【直感的で有機的】ノーブルM12 GTO-3へ再試乗 ミドシップの385ps 911とも比較 前編

公開 : 2021.08.05 08:25

ノーブルM12というスポーツカーをご存知でしょうか。誕生から20年という節目に、英国編集部が素晴らしいドライバーズカーへ再試乗しました。

M12ほど強烈な印象を残したモデルはない

text:Simon Hucknall(サイモン・ハックナル)
photo:Max Edleston(マックス・エドレストン)
translation:Kenji Nakajima(中嶋健治)

 
内燃エンジンを搭載したクルマは、個性豊かだ。才能に溢れる高度な知識を持つ人物が、世界をリードするモデルを生み出してきた。すべてが注ぎ込まれ、洗練されたボディが与えられ、知的にPR活動が展開される。会社の収益へと結実する。

1999年、リー・ノーブルという見慣れない人物がAUTOCARを訪れた。彼が持ち込んだM10という手頃な価格のオープンカーは、キットカーのようにも見えた。正直、好感触は持ってなかった。

ノーブルM12 GTO-3(2002年/英国仕様)
ノーブルM12 GTO-3(2002年/英国仕様)

あまり気が乗らない中で、英国編集部はM10へ試乗した。ところがその翌週、紙面に掲載された文面は、「これまで運転してきた英国製ミドシップ2シーターの中で、最も完成度の高い、エキサイティングなモデルです」。
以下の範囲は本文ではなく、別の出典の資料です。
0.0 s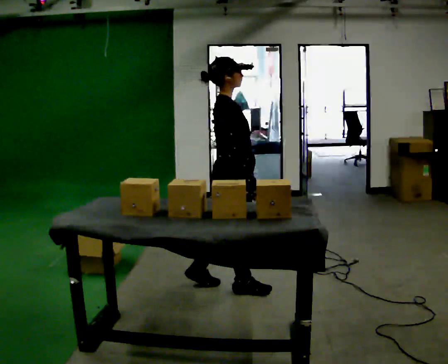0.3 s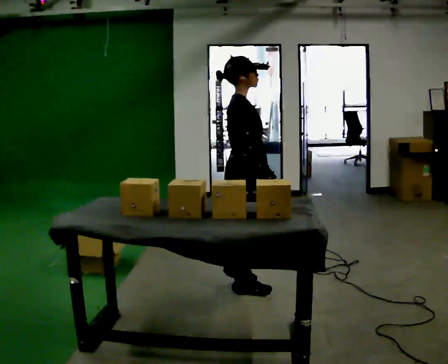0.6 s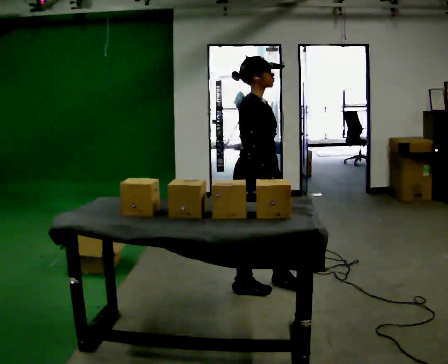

という内容だった。

ノーブルの始まりだった。その4年後、筆者はM10より速い後継モデル、M12のGTOへ試乗した。これまで数百台という量のクルマに試乗しているが、M12ほど強烈な印象を残したモデルはほかにない。15年も昔のことなのに。

そんな特別なM12 GTOだが、以来、再び乗る機会は筆者にやってこなかった。でも2021年は、M12の誕生から20年を迎える。この機会を逃したら、今後も乗ることはできなさそうだ。
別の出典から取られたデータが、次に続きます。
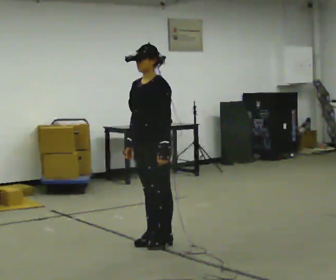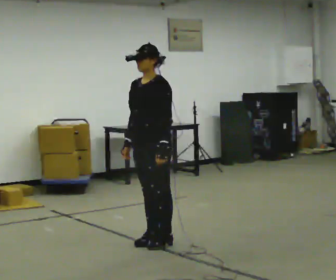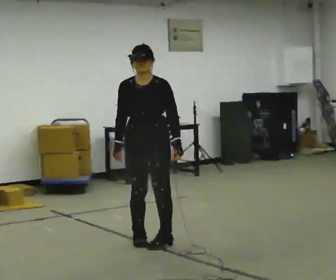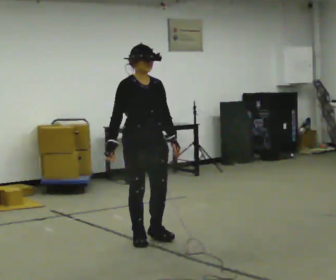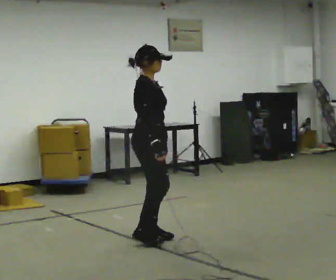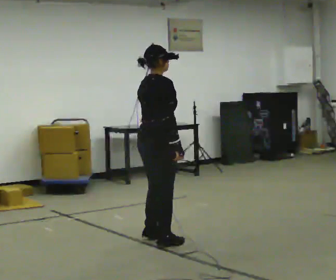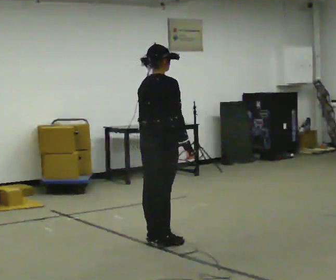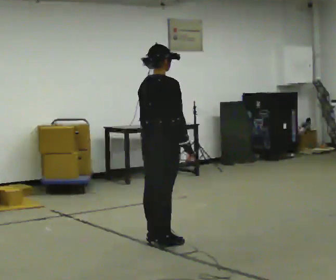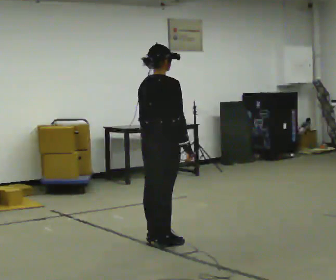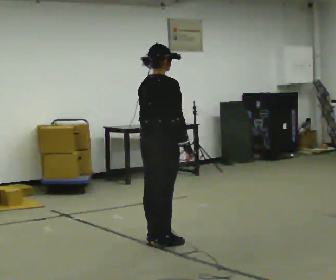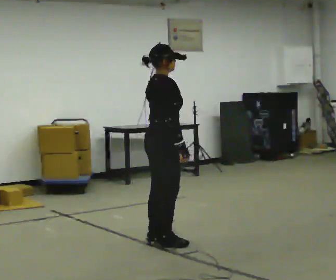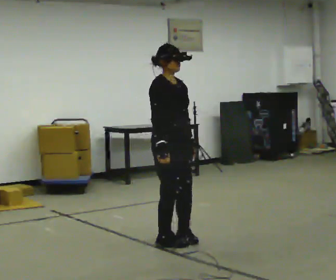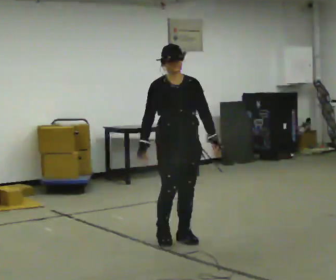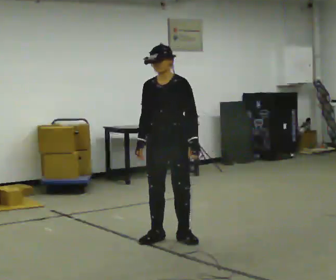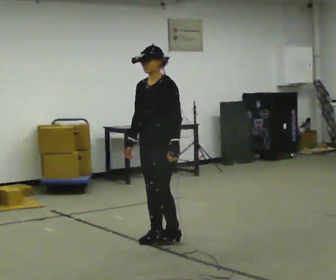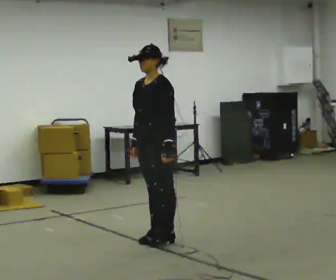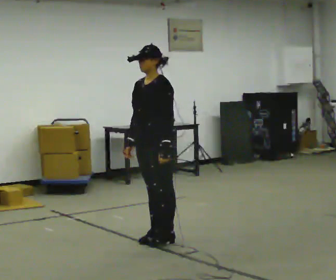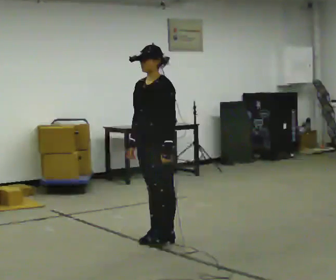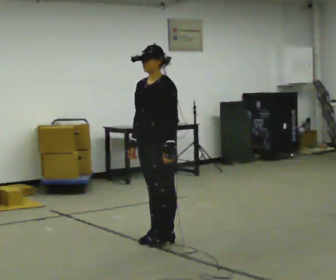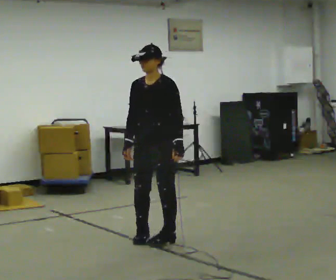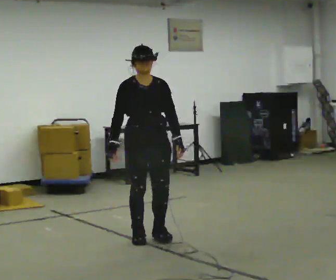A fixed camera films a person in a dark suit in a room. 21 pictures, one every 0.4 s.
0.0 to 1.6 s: Seen from above the body turns counterclockwise, about 135 degrees: to their left, with its near side sliding to the right.
1.6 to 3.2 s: Seen from above the body turns counterclockwise, about 60 degrees: to their left, with its near side sliding to the right.
3.2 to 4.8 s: The person turns about 120 degrees to their right, clockwise seen from above, so the part of the body nearest the lens slides to the left. In the picture they go to the right, about 0.25 m in 1 step. In the picture their right hand goes to the left, the arm swinging clockwise.
4.8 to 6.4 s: The person turns about 60 degrees to their right, clockwise seen from above, so the part of the body nearest the lens slides to the left. In the picture they go to the left, about 0.25 m in 1 step. In the picture their left hand goes to the left.
6.4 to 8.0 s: Seen from above the body turns counterclockwise, about 75 degrees: to their left, with its near side sliding to the right.
The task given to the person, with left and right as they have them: Turn on the spot to face the direction the operator calls, then stand still. The operator will call 90, 180 and 360 degrees and left or right.
The film runs forward here.

M12は、ノーブルが尊敬を集めることにつながった重要なモデル。少量生産のスポーツカーだけでなく、スーパーカーを専門とするブランドのモデルにも、立ち向かえる内容を備えていた。

フォード製V6にツインターボで314ps

ご存じない方のために、2001年に誕生したM12を振り返ってみたい。当時、300馬力前後のスポーツカー市場は熟しきった状態にあった。ロータス・エスプリはモデル後期にあり、ポルシェ911の996型もモデルチェンジを控えていた。
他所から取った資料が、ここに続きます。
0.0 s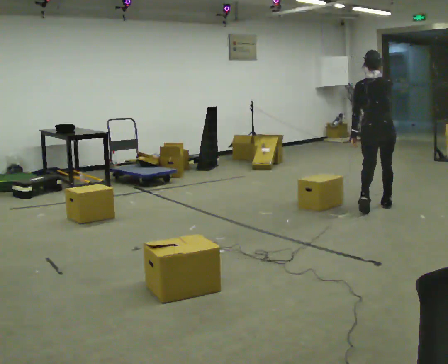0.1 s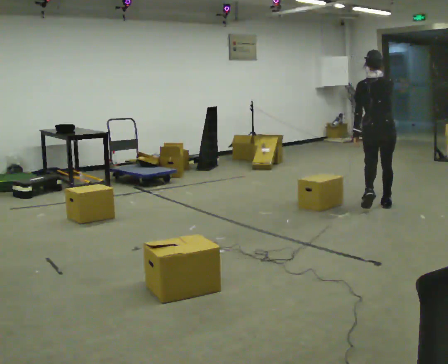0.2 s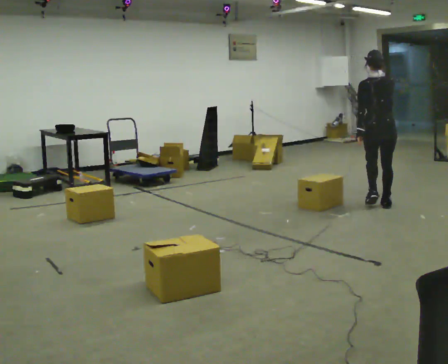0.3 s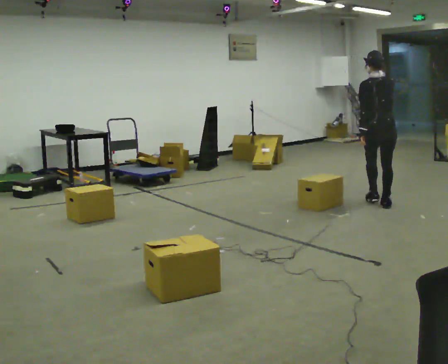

ノーブルはM10ですでに高い評価を得ており、市場に生まれていた空白を効果的に利用できた。小回りの効く開発体制を活かし、2年という短期間でM12はレスターシャー州の工場をラインオフした。

ノーブルM12 GTO-3(2002年/英国仕様)
ノーブルM12 GTO-3(2002年/英国仕様)

メカニズムは、基本的にM10と同じ。V6エンジンは、フォード社製のデュラテックを高度にチューニングし、ツインターボで過給。最高出力314psを獲得していた。シャシーは、スチールパイプを用いたスペースフレームだ。

ボディはグラスファイバー製で、ドアが2枚。サーキットから飛び出してきたようなフォルムに見えた。そんなクルマに、4万4950ポンドという手頃な価格が付いていた。

M12を成功へ導いた要因は、量産に必要な販売台数の設定と、部品の徹底したコスト管理。M12のボディとシャシーは、南アフリカのハイテク・オートモーティブ社に委託されていた。少量生産のプロ集団だ。

英国レスターシャー州の工場は、パワートレインの搭載と、最終的な組み立て作業に注力できる体制だった。効率的で継続性が高く、AUTOCARでは2001年のスペシャリスト・マニュファクチャラー・オブ・ザ・イヤーに選出している。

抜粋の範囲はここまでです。